I am looking through an existing code base and saw database lock being used. Alarms started sounding off in my head. Isn’t database lock bad practice ? Am I over worrying? If I had multi processes editing the same row I would put an actor / process in front of the database and all processes will have to go through it to execute the updating. Is that a good idea? Or are there other ways to avoid using locks
it all depends…
and mostly comes down to guarantees - I’ve used DB locks in the past for selling items with limited quantity… ensuring that you never oversell…
same could be done by having a single GenServer or similar queuing it up - but here you end up with more loose guarantees, and what if you have multiple servers, clustered?, cluster split?, green/blue deploys? all sorts of complexities…
so depends on your philosophy - I like to have absolute requirements/guarantees in the DB layer, so no matter what is going on that guarantee is enforced…
what are the locks for? something related to money/important stuff - or less important things?
Yes something important related to money. So from your answer I assume there is actually nothing essentially wrong with database locking. Is there every a chance I will land up in a dead lock situation? Cause if it’s managed on the otp level, process can fail fast. But if database fails. Someone will need to restart it or something
If you’re using postgres, locks are tied to transactions, so when the Elixir process crashes due to a timeout, the transaction aborts and the lock is released. Unless the code is going out of it’s way to use session based advisory locks, you aren’t going to end up with the database itself locked up.
TLDR; A deadlock is not a database failure any more than “row not found” is not a database failure. Modern database will detect a deadlock in nearly all cases and return an error to you - but careful app design will avoid deadlocks in most cases. Avoiding deadlocks does not mean you can avoid unexpected database errors at any time.
As @outlog say, it depends on the guarantees you require. A lot of applications consider the database as the source of truth as a given point in time. Since there is typically concurrent access and update to a database then the guarantees you require need to be considered in that context. Its not typically a major issue if the count of the number of comments on a post in a social system isn’t accurate. But as you said, when money goes missing its bad.
Typically what you are looking for is an appropriate level of transaction isolation. That means what state does the data base needs to be in when a transaction starts to update it. And what state is visible to other transactions when I am doing the update.
There isn’t a one size fits all and so while “optimistic locking” (which isn’t really a lock in the database sense at all) is a common pattern its definitely not appropriate for all use cases.
imho a DB lock where needed is a safe, great, strong and simple tool - of course only use them where absolutely needed, and be aware of the potential bottleneck, and design around that if needed (eg don’t sell 1 million game consoles on launch day through a single DB row lock )
well anything can happen, but I’ve personally never seen it happen, and I’m unaware of how exactly it should occur, you open transaction, lock that row, do stuff, close things down… I assume if things go wrong there are larger issues at play…

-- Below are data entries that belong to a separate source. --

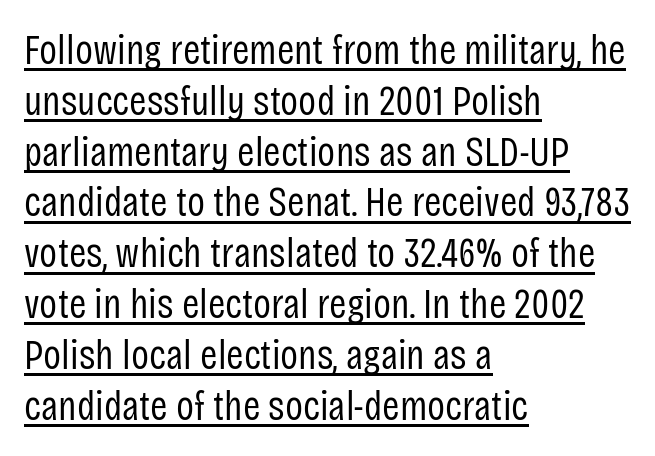
{"serif": "no", "italic": "no", "bold": "no", "weight": "regular", "width": "condensed", "stroke_contrast": "low", "x_height": "large", "monospaced": "no", "underline": "yes", "align": "left", "line_spacing_ratio": 1.21, "letter_spacing": "normal", "letter_spacing_em": 0.0, "glyph_px": 42}
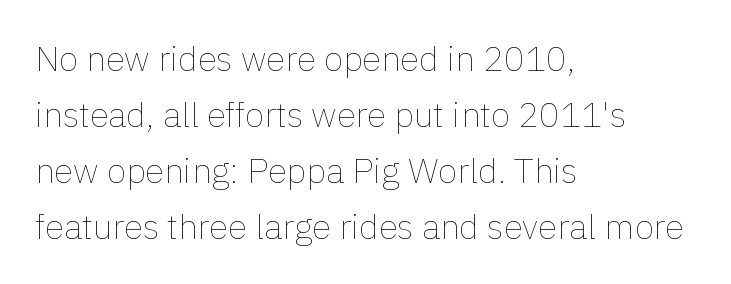
Q: Is the text bold? A: No.
Q: Is the text italic (slanted)? A: No, it is upright.
Q: Is the text underlined? A: No.
Q: How is the paragraph aligned? A: Left-aligned.
Q: Is the spacing between letters normal or unusually wide? A: Normal.
Q: Is the spacing between lines tight, normal or loose? A: Normal.
Q: Width (condensed, normal, or wide)? A: Normal.
Q: x-height? A: Medium.
Q: Monospaced? A: No.
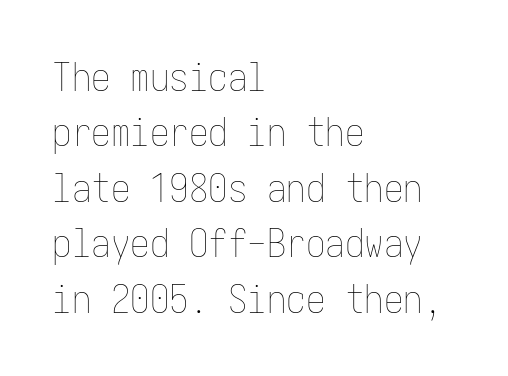
{"italic": "no", "bold": "no", "weight": "thin", "width": "condensed", "stroke_contrast": "low", "x_height": "medium", "underline": "no", "align": "left", "line_spacing": "normal", "line_spacing_ratio": 1.42, "letter_spacing": "normal", "letter_spacing_em": 0.0, "glyph_px": 39}
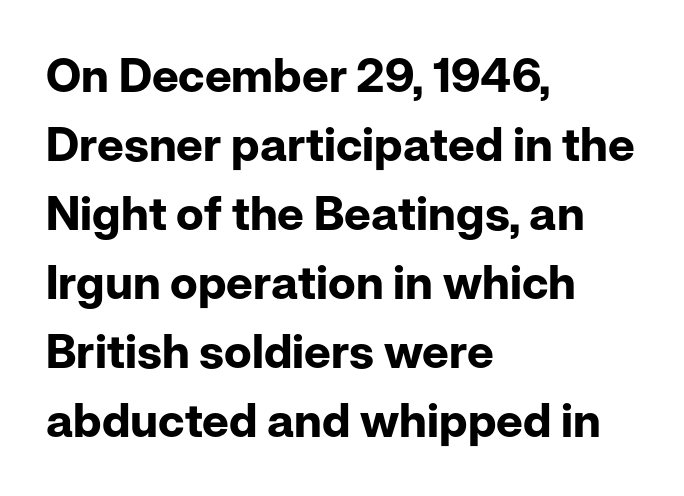
{"serif": "no", "italic": "no", "bold": "yes", "weight": "bold", "width": "normal", "stroke_contrast": "low", "x_height": "medium", "monospaced": "no", "underline": "no", "align": "left", "line_spacing": "normal", "line_spacing_ratio": 1.47, "letter_spacing": "normal", "letter_spacing_em": 0.0, "glyph_px": 47}
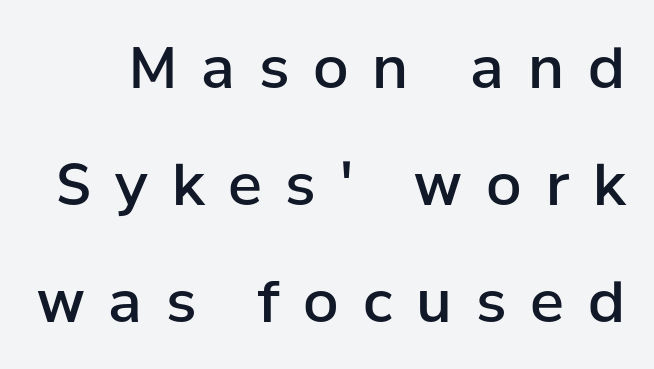
The image shows 57 px semibold sans-serif type, upright; set loose line spacing (2.05x), unusually wide letter spacing (+0.42 em), not underlined; low stroke contrast and a medium x-height.
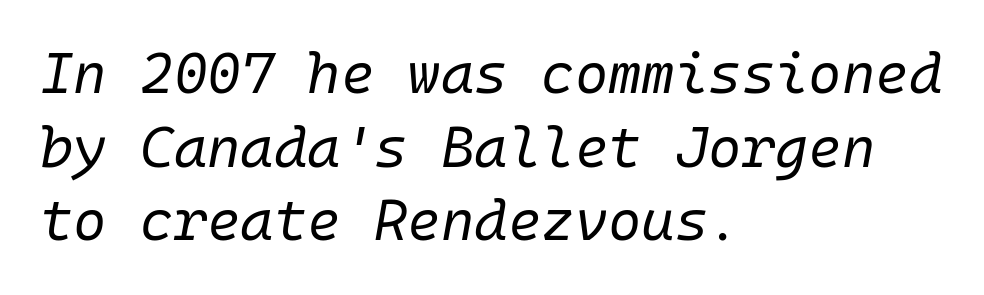
{"italic": "yes", "lean": "right", "slant_degrees": 10, "bold": "no", "weight": "regular", "width": "normal", "stroke_contrast": "low", "x_height": "medium", "underline": "no", "align": "left", "line_spacing": "normal", "line_spacing_ratio": 1.29, "letter_spacing": "normal", "letter_spacing_em": 0.0, "glyph_px": 57}
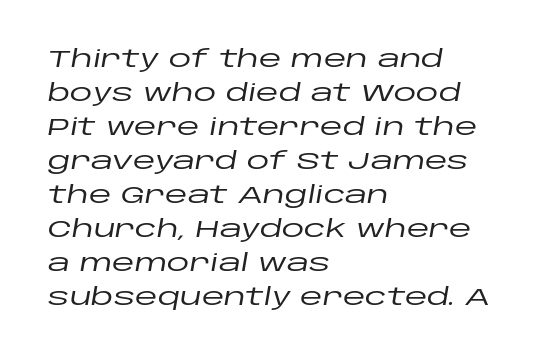
The image shows 23 px text type, italic (leaning right); set left-aligned, normal line spacing (1.48x), normal letter spacing, not underlined.
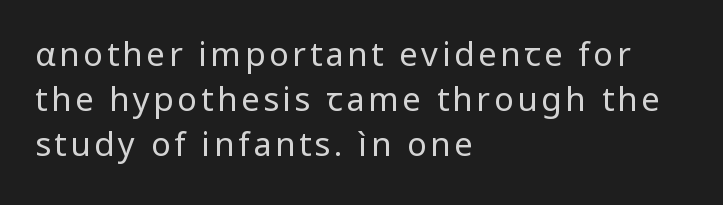
{"serif": "no", "italic": "no", "bold": "no", "weight": "regular", "width": "normal", "stroke_contrast": "low", "x_height": "medium", "monospaced": "no", "underline": "no", "align": "left", "line_spacing": "normal", "line_spacing_ratio": 1.36, "glyph_px": 33}
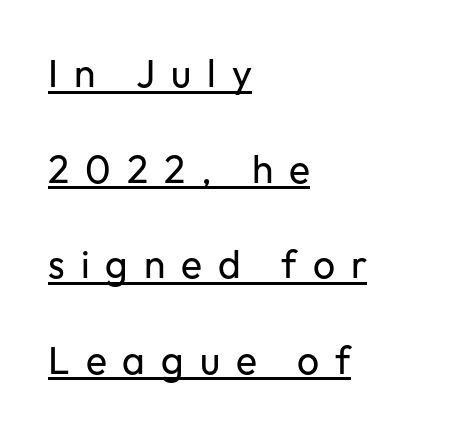
The image shows 39 px regular-weight sans-serif type, upright; set left-aligned, loose line spacing (2.45x), unusually wide letter spacing (+0.41 em), underlined; low stroke contrast and a medium x-height.

Let’s say one process does a
SELECT […] FOR UPDATE. Other processes wait for the first to do the actual update so that they can take their turn. But the first one is dragging far too long. What then? You wrote “if it crashes due to timeout”. Which timeout did you have in mind? One of the PostgreSQL defined ones? Like
idle_in_transaction_session_timeout? Or something else? IOW how does one ensure that a) locks are not held “forever” and b) that other processes do not wait for lock acquisition “forever”?
You can tell Postgres how long to wait on locks with lock_timeout.
In any case Postgrex (the elixir Postgres driver) will also abort a query that is taking too long (also configurable).
Right, I can configure PostgreSQL DB with the documented set of settings, which include some timeouts. Still more interested if Ecto or Postgrex have mechanisms that allow some control/fallbacks on the application level. Other than manually manipulating Postgres runtime variables, I mean. You wrote that Postgrex has some, right? Quick checking through the docs didn’t reveal anything though. Any link(s)?
My last post has a link in it to the Postgres docs.
It’s not possible to manage locks at an application level - the necessary lock state is in the database, so has to be managed there. The only thing the app level can do is abort a statement if it takes too long.
(I’m in a mobile device so apologies for the tersness)
Sure, no problem!
In general I know PostgreSQL docs and its runtime variables but I still can imagine some supporting mechanisms on the application level, even if implemented only as wrappers on the PGSQL ones. I was curious about this part:
And if the timeout mentioned by @benwilson512 is the DB level one or application level one (like e. g. what you mention).
The one mentioned by Ben is the Postgrex timeout.
There are timeouts enforced by both postgres and Elixir. Postgres is generally configured to terminate queries after a certain amount of time. Also Ecto will terminate a process if it takes too long. What’s cool is that because Ecto terminates the actual DB connection, this guarantees that Postgres will also release the lock at that point because the connection has been terminated.
A slightly different scenario… let’s say one needs to
SELECT [sth] FOR UPDATE in order to prevent other processes from changing the data while he works with it. This is a part of transactional chain of operations that need to either all be successful or be all rolled back. Now, in the rollback case, the update will not be done but the lock needs to be released. When done as a transaction that should be taken care of, right? So a
Ecto.Multi doesn’t seem to provide
SELECT [sth] FOR UPDATE equivalent. Should
run/3 function be crafted instead? Will that work? Other suggestions?
run will work, and it’s probably your best option.